*What is needed:* Please set down, word for word, the line that contains "land cover: Common wheat" and every line after it to the end of the entries below, omitting the pictures.

- - - -

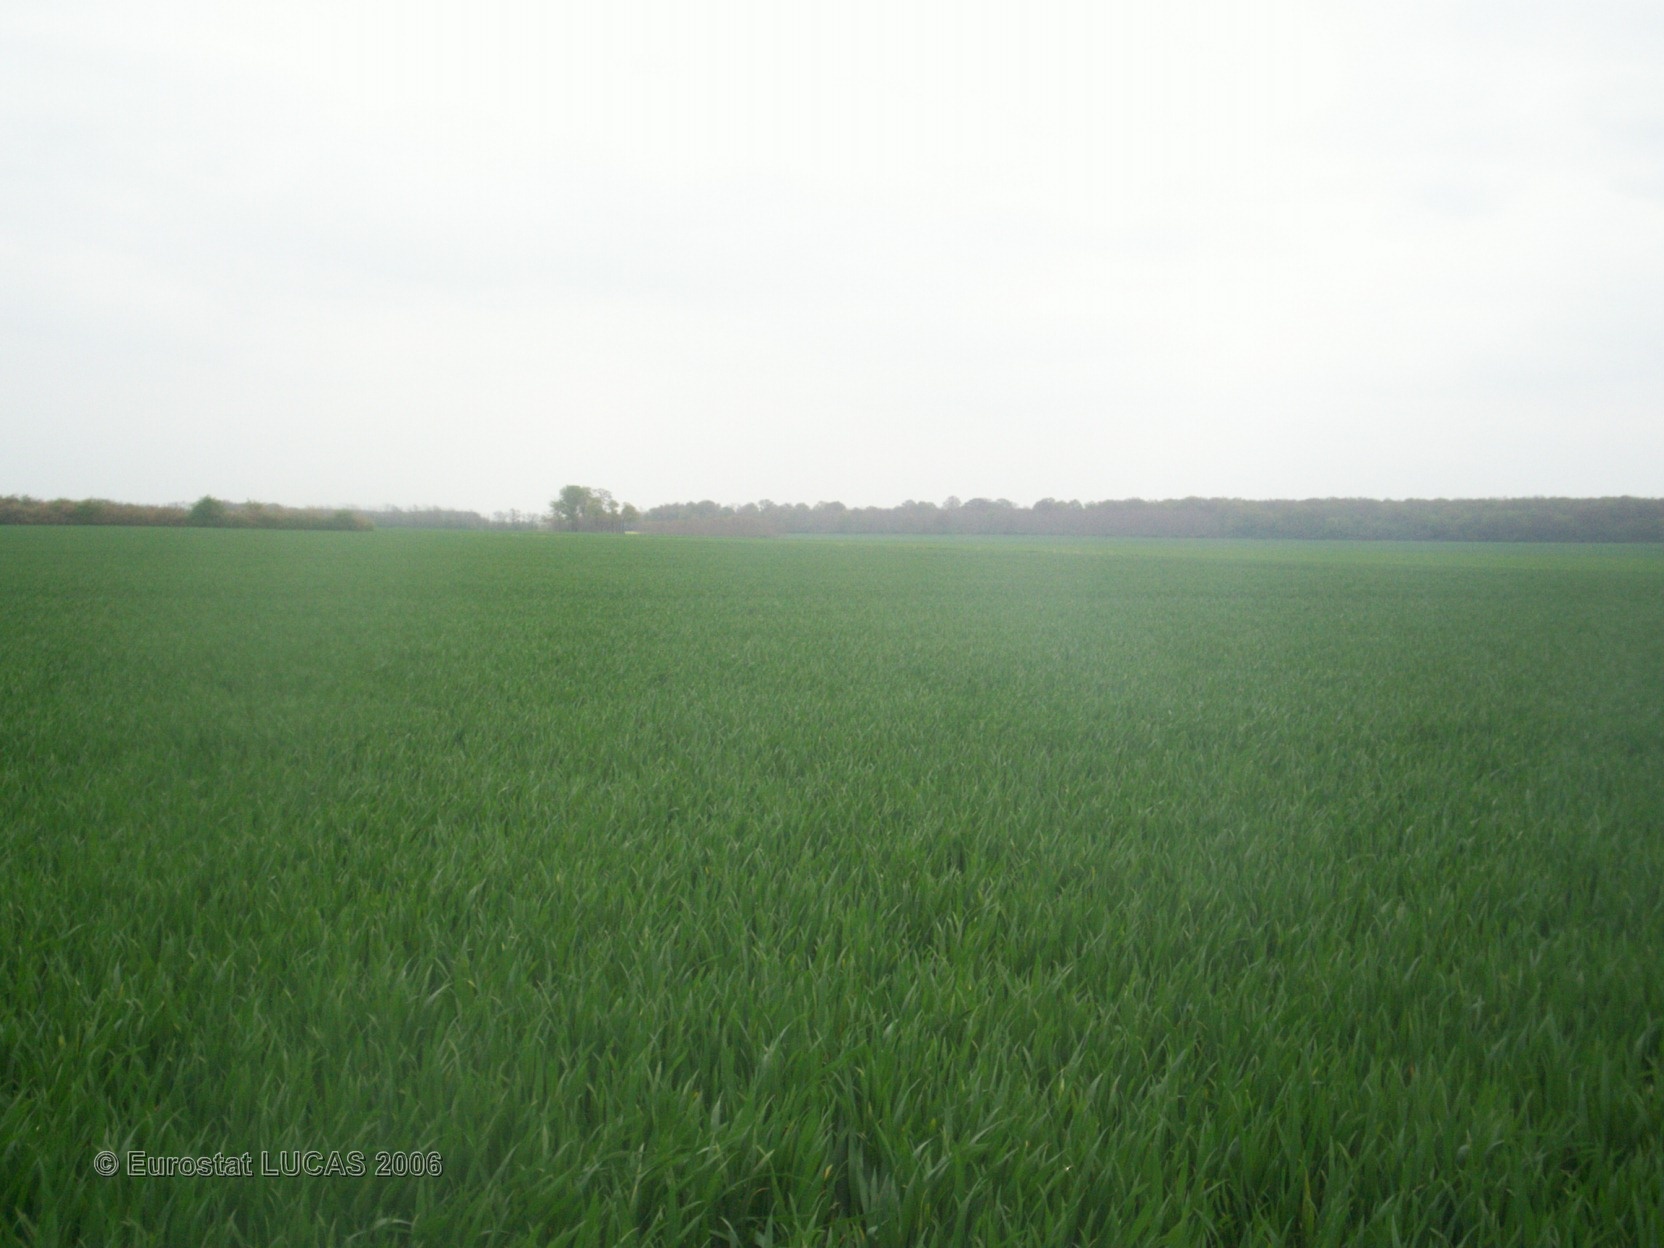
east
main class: Cropland
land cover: Common wheat
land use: Agriculture (excluding fallow land and kitchen gardens)
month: April
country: FR
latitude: 47.7082
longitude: 1.2003
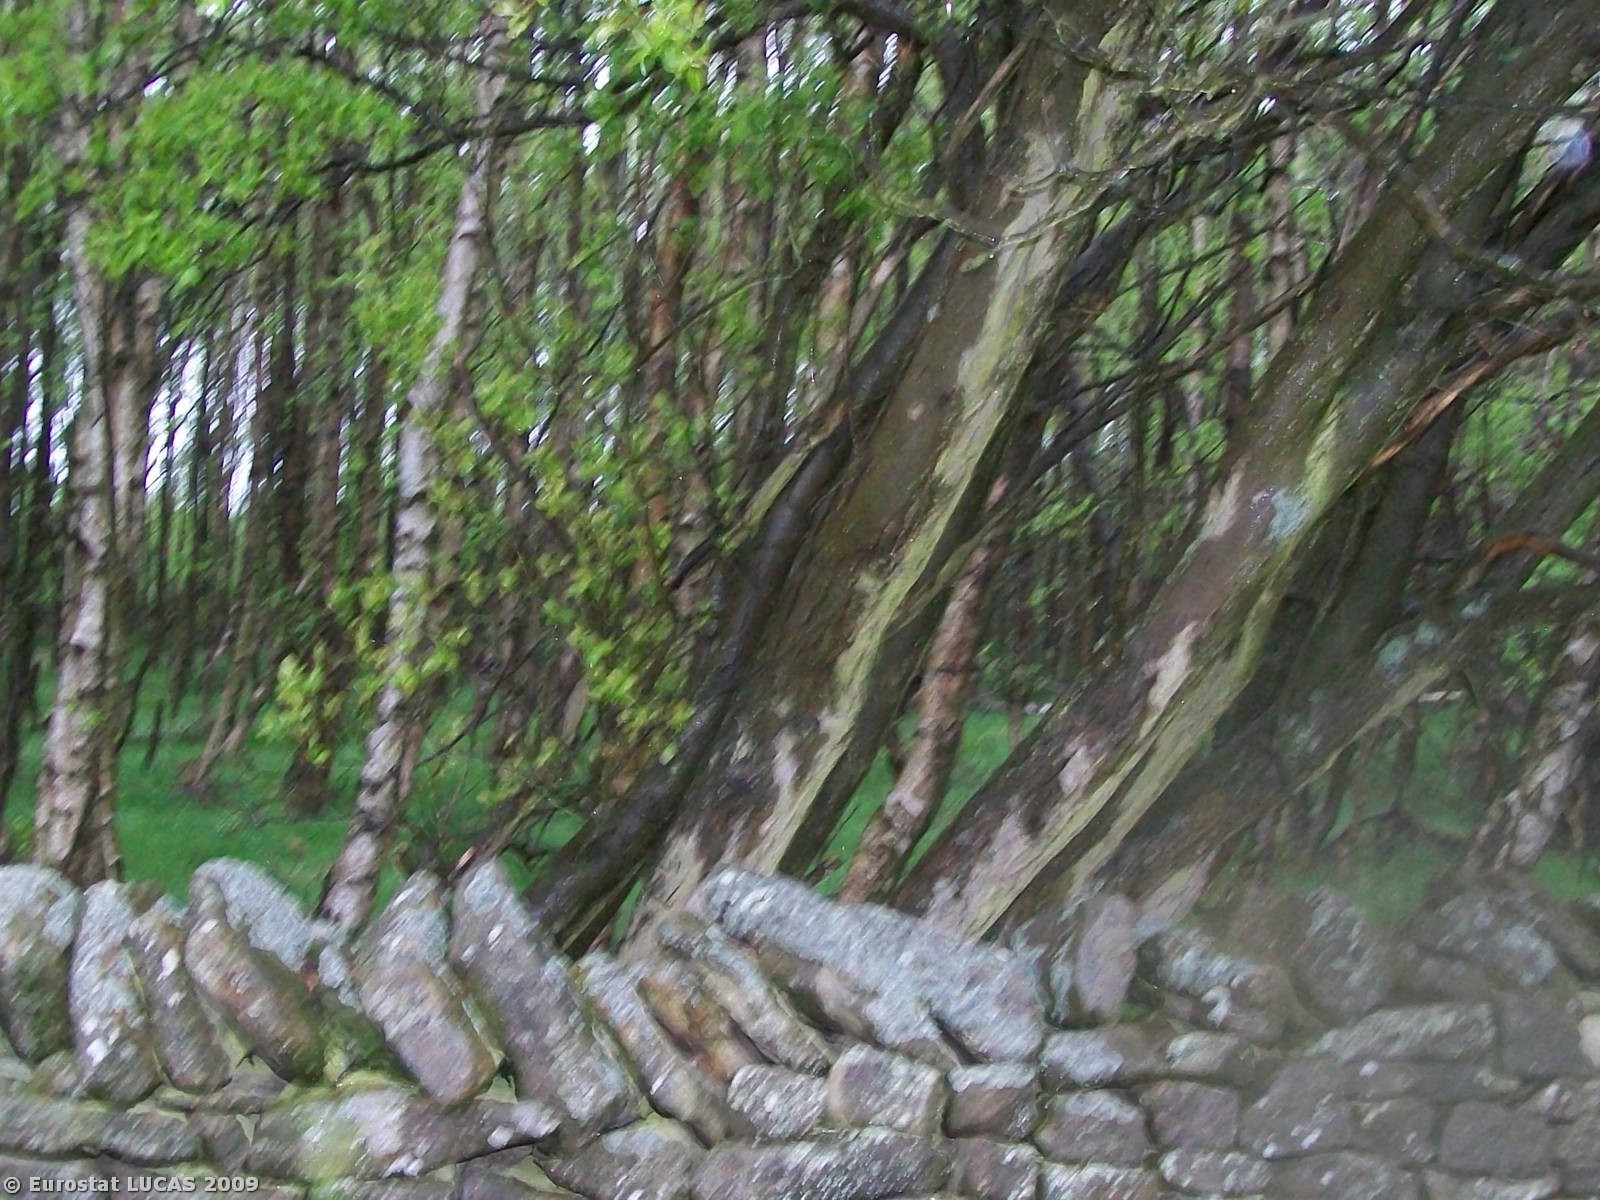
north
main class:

- - - -

*Response area:*
land cover: Common wheat
land use: Agriculture (excluding fallow land and kitchen gardens)
month: April
country: FR
latitude: 47.7082
longitude: 1.2003
north
main class:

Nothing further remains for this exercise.